Audra sits forward. “Was it good?”

“Good?” I stare at her incredulously. “It was beyond words. Touching him, the way he touched me? It was…everything.”

“Except actual sex?” Audra asks. “What did you actually do?”

“It was all just hands,” I say. “But, god…it was…it was heaven.”

“Did you both…you know?”

I nod, biting my lip and blushing. “So hard.”

“You did?”

I nod. “Explosively.”

Her grin widens. “And he did?”

I nod again, my grin and my blush both going furious. “Very, very explosively.” I lick my lips, gesture at my stomach. “Explosively…and all over me.”

Audra’s eyes widen. “No! The first time you guys go past a kiss, you let him come on you?”

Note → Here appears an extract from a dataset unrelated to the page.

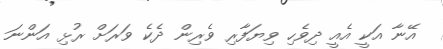
އޭނާ އަކީ އެއީ ދިވެހި ވިޔަފާރި ވެރިން ދެކެ ވަރަށް ރުޅި އަންނަ
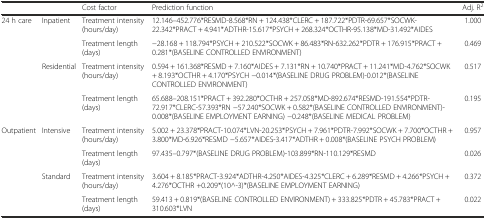
<table><thead><tr><td></td><td></td><td><b>Cost factor</b></td><td><b>Prediction function</b></td><td><b>Adj. R<sup>2</sup></b></td></tr></thead><tbody><tr><td rowspan="4">24 h care</td><td rowspan="2">Inpatient</td><td>Treatment intensity (hours/day)</td><td>12.146–452.776*RESMD-8.568*RN + 124.438*CLERC + 187.722*PDTR-69.657*SOCWK-22.342*PRACT + 4.941*ADTHR-15.617*PSYCH + 268.324*OCTHR-95.138*MD-31.492*AIDES</td><td>1.000</td></tr><tr><td>Treatment length (days)</td><td>−28.168 + 118.794*PSYCH + 210.522*SOCWK + 86.483*RN-632.262*PDTR + 176.915*PRACT + 0.281*(BASELINE CONTROLLED ENVIRONMENT)</td><td>0.469</td></tr><tr><td rowspan="2">Residential</td><td>Treatment intensity (hours/day)</td><td>0.594 + 161.368*RESMD + 7.160*AIDES + 7.131*RN + 10.740*PRACT + 11.241*MD-4.762*SOCWK + 8.193*OCTHR + 4.170*PSYCH −0.014*(BASELINE DRUG PROBLEM)-0.012*(BASELINE CONTROLLED ENVIRONMENT)</td><td>0.517</td></tr><tr><td>Treatment length (days)</td><td>65.688–208.151*PRACT + 392.280*OCTHR + 257.058*MD-892.674*RESMD-191.554*PDTR-72.917*CLERC-57.393*RN −57.240*SOCWK + 0.582*(BASELINE CONTROLLED ENVIRONMENT)-0.008*(BASELINE EMPLOYMENT EARNING) −0.248*(BASELINE MEDICAL PROBLEM)</td><td>0.195</td></tr><tr><td rowspan="4">Outpatient</td><td rowspan="2">Intensive</td><td>Treatment intensity (hours/day)</td><td>5.002 + 23.378*PRACT-10.074*LVN-20.253*PSYCH + 7.961*PDTR-7.992*SOCWK + 7.700*OCTHR + 3.800*MD-6.926*RESMD −5.657*AIDES-3.417*ADTHR + 0.008*(BASELINE PSYCH PROBLEM)</td><td>0.957</td></tr><tr><td>Treatment length (days)</td><td>97.435–0.797*(BASELINE DRUG PROBLEM)-103.899*RN-110.129*RESMD</td><td>0.026</td></tr><tr><td rowspan="2">Standard</td><td>Treatment intensity (hours/day)</td><td>3.604 + 8.185*PRACT-3.924*ADTHR-4.250*AIDES-4.325*CLERC + 6.289*RESMD + 4.266*PSYCH + 4.276*OCTHR +0.209*(10^-3)*(BASELINE EMPLOYMENT EARNING)</td><td>0.372</td></tr><tr><td>Treatment length (days)</td><td>59.413 + 0.819*(BASELINE CONTROLLED ENVIRONMENT) + 333.825*PDTR + 45.783*PRACT + 310.603*LVN</td><td>0.022</td></tr></tbody></table>

I can’t restrain my cackle of embarrassed yet aroused laughter. “I know, right? It was crazy. I still can’t believe it happened. But it just…nothing has ever felt so right.” I sigh, sobering. “And yet, not. I still feel guilty, because even though I’ve had sex since Craig died, it was…purely physical, and while it was fun, it was rarely more than just fun, and thus, not…intense. It felt good, but it was essentially forgettable. The sex I had after Craig died—there was, honestly, a lot, for about two years, and then I stopped completely because I got tired of it, tired of the games, tired of feeling…I don’t know…like I was using men to try to forget Craig, which was impossible. I thought of Craig while I was messing around with James, and I felt awful.”